Sobre o isolamento de Lucas, por exemplo, quase ninguém fez uma reflexão sobre auto ódio, sobre a possibilidade de que a implicância com ele seja fruto de um processo de rejeição a um espelho que se quer negar. Porque, em alguma medida, quase todos ali já foram Lucas, um jovem negro periférico que está tateando ainda nos debates, que ainda erra muito, que traz um conjunto de dores. É um processo mais perverso que não deixa de violentar também os corpos das próprias pessoas que estão ali como algozes.

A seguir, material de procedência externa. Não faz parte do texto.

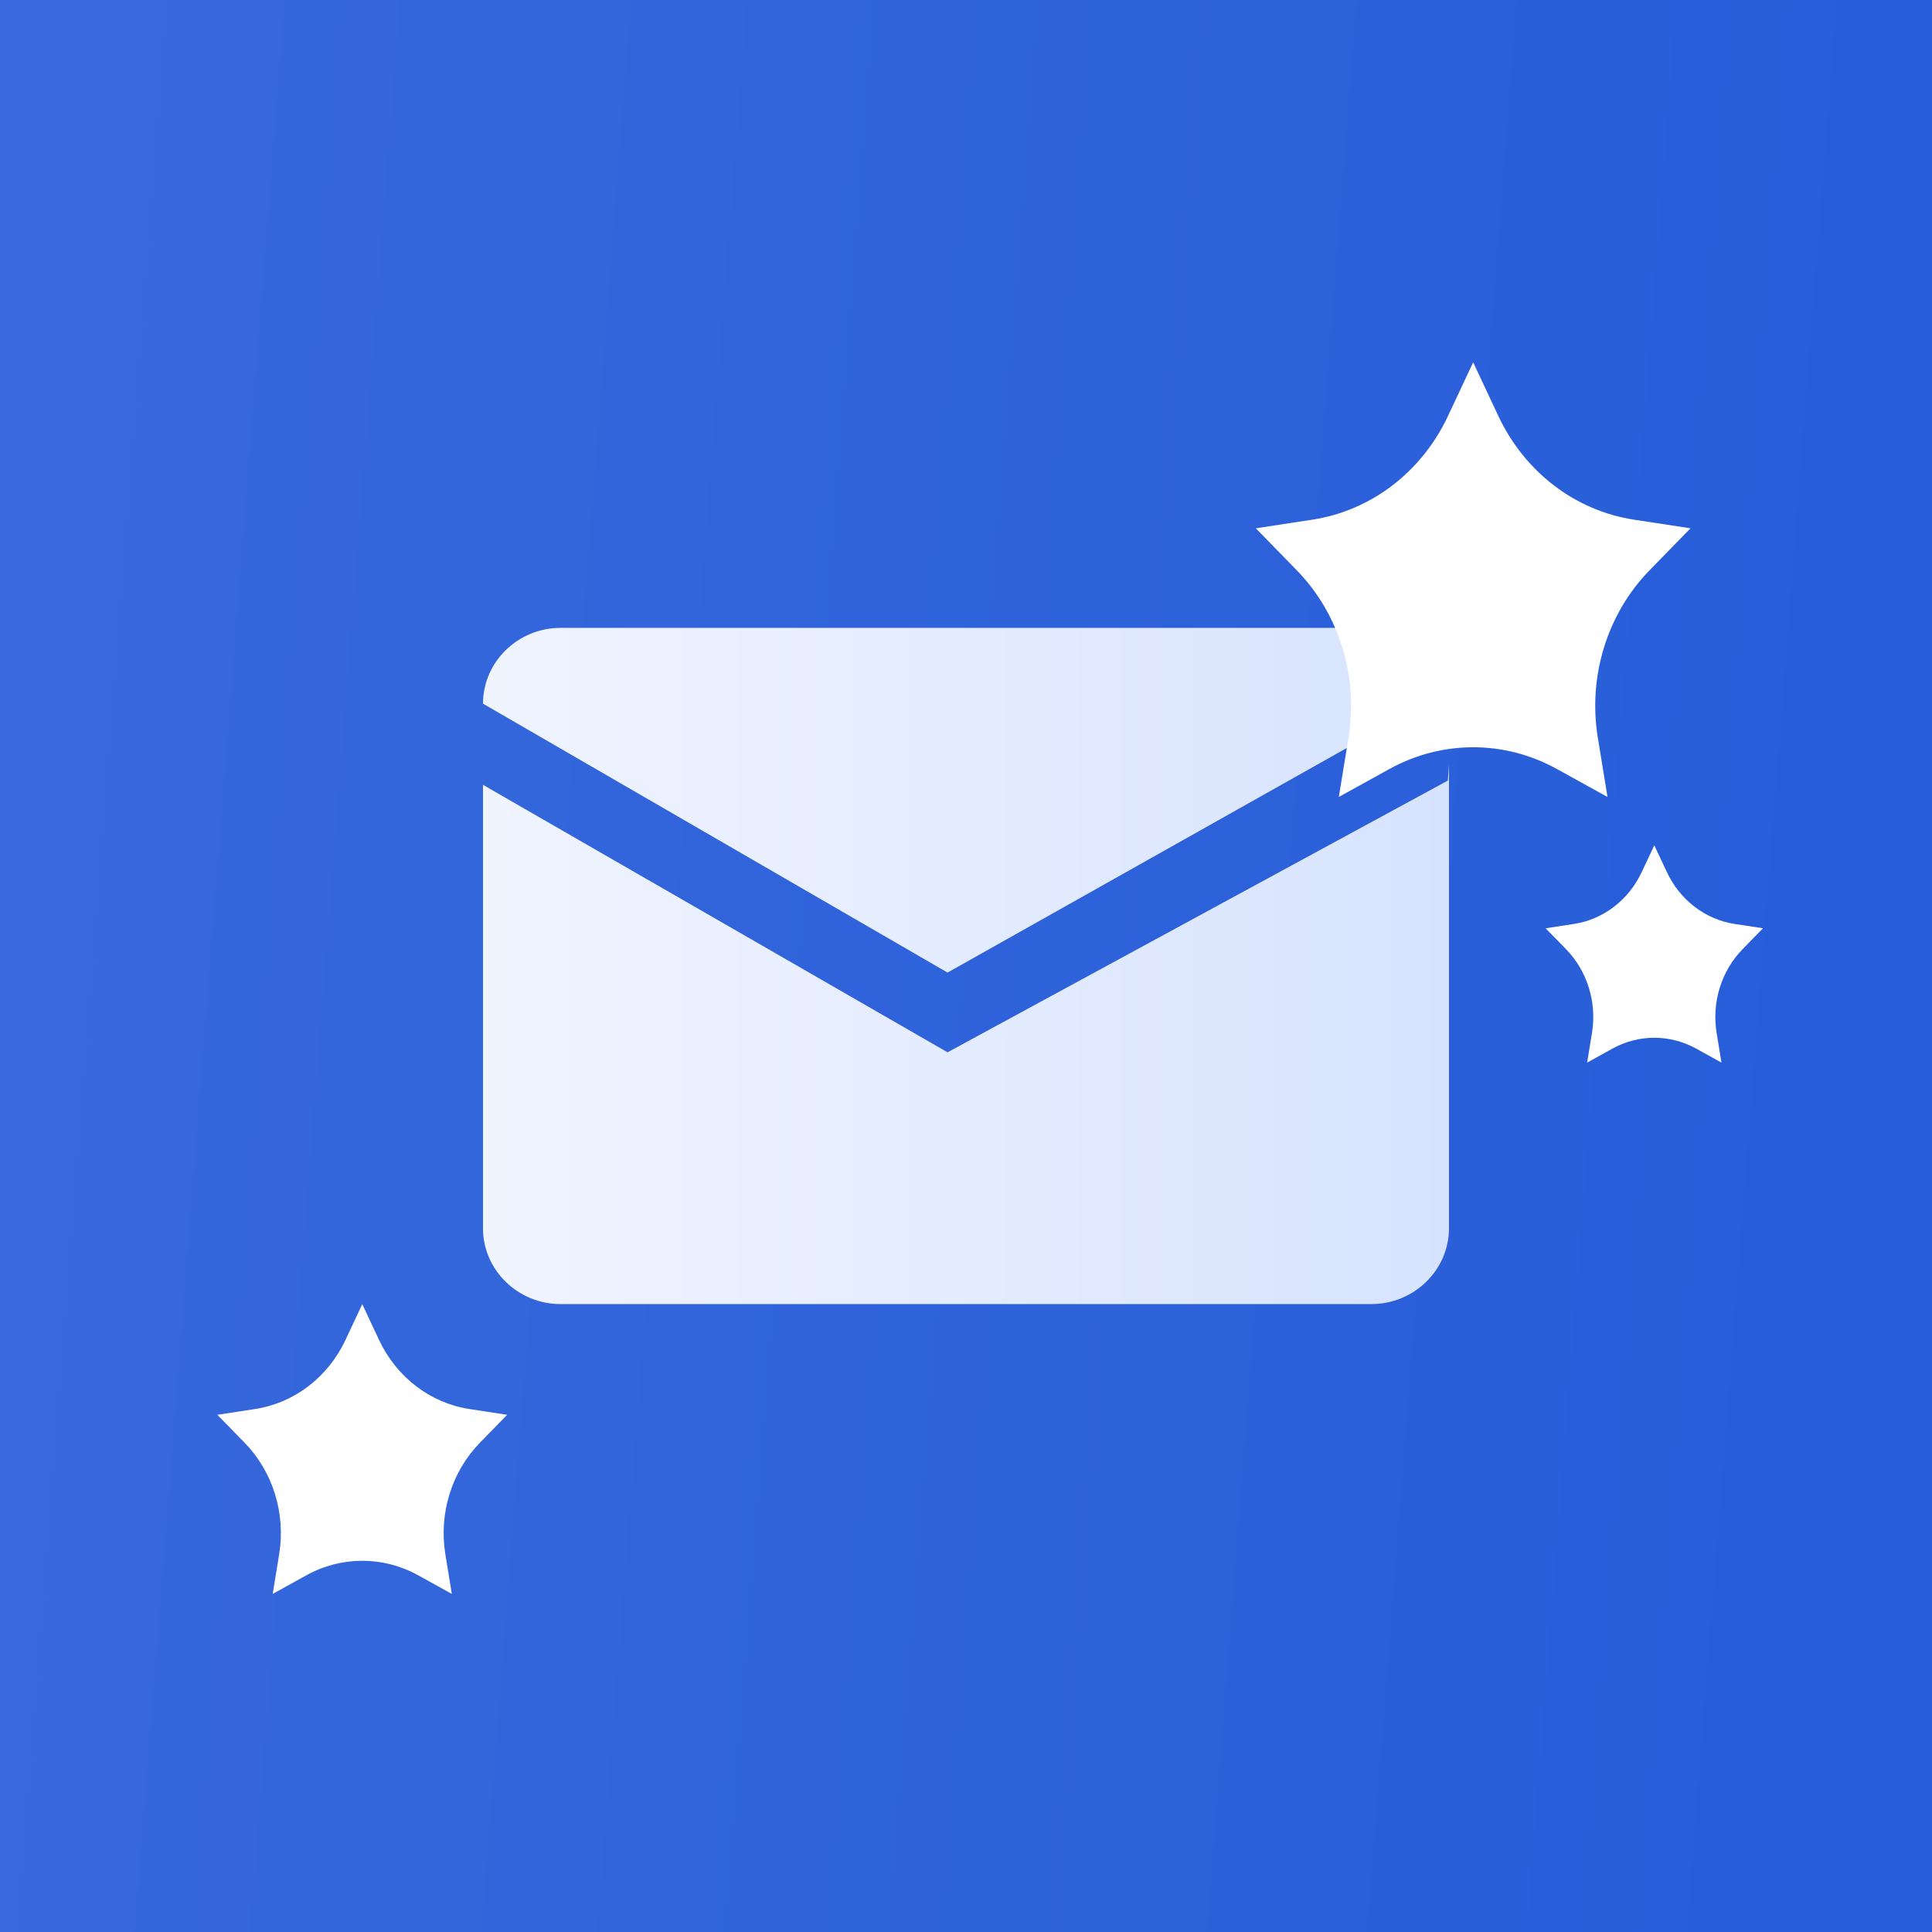 <svg fill="none" height="80" viewBox="0 0 80 80" width="80" xmlns="http://www.w3.org/2000/svg" xmlns:xlink="http://www.w3.org/1999/xlink"><rect x="0" y="0" width="80" height="80" fill="#333333" stroke="none"/><linearGradient id="a" gradientUnits="userSpaceOnUse" x1="-.199" x2="85.494" y1="-0" y2="6.652"><stop offset="0" stop-color="#3869dc"/><stop offset="1" stop-color="#265cd9"/></linearGradient><linearGradient id="b" gradientUnits="userSpaceOnUse" x1="60" x2="20" y1="40" y2="40"><stop offset="0" stop-color="#d7e3fe"/><stop offset="1" stop-color="#f0f4ff"/></linearGradient><path d="m0 0h80v80h-80z" fill="url(#a)"/><g clip-rule="evenodd" fill-rule="evenodd"><path d="m20 29.137c0-1.726 1.444-3.138 3.209-3.138h33.582c1.585 0 2.909 1.137 3.165 2.618l-20.72 11.655zm0 21.725v-18.363l19.236 11.075 20.717-11.252.046-.659v19.198c0 1.725-1.444 3.138-3.209 3.138h-33.582c-1.765 0-3.209-1.412-3.209-3.138z" fill="url(#b)"/><g fill="#fff"><path d="m68.5 35 .524 1.116c.543 1.156 1.592 1.958 2.806 2.143l1.171.179-.847.868c-.878.9-1.279 2.197-1.072 3.468l.2 1.226-1.047-.579c-1.086-.6-2.383-.6-3.468 0l-1.047.579.2-1.226c.208-1.271-.194-2.568-1.072-3.468l-.847-.868 1.171-.179c1.214-.185 2.263-.987 2.806-2.143l.524-1.116z"/><path d="m14.999 54 .698 1.487c.724 1.542 2.123 2.611 3.742 2.858l1.561.239-1.129 1.157c-1.171 1.2-1.706 2.93-1.429 4.624l.267 1.635-1.396-.772c-1.448-.8-3.177-.8-4.625 0l-1.396.772.267-1.635c.277-1.695-.258-3.424-1.429-4.624l-1.129-1.157 1.561-.239c1.619-.247 3.018-1.316 3.742-2.858l.698-1.487z"/><path d="m60.999 15 1.047 2.231c1.086 2.313 3.184 3.917 5.612 4.287l2.342.358-1.694 1.737c-1.757 1.8-2.558 4.394-2.143 6.936l.4 2.451-2.094-1.157c-2.171-1.201-4.765-1.201-6.937 0l-2.094 1.157.4-2.451c.414-2.542-.387-5.136-2.143-6.936l-1.694-1.737 2.342-.358c2.428-.371 4.527-1.974 5.612-4.287l1.047-2.231z"/></g></g></svg>

Vivemos a cultura do ódio e do cancelamento, por isso é até difícil fazer uma leitura dessas sem ser chamada de passadora de pano.
P. Na edição de 2020, Thelma e Babu já pautaram várias discussões sobre vivências negras em um país como o Brasil, mas mal podiam (ou se sentiam à vontade para) usar a palavra “racismo”. Há algo de positivo para o debate antirracista no BBB 21?
R. Todo processo cultural que vivemos é importante. Não usaria a palavra “positivo”, mas esse o que esse BBB 21 traz de lição é evidenciar que ferramentas como esse programa jamais poderão ser instrumentos de emancipação do nosso povo. Outra coisa é mostrar que não basta estarmos nos espaços, porque ocupar é importante, mas é preciso fazer isso com estratégias coletivas. O programa mostrou que paridade racial nem sempre é sobre o combate ao racismo.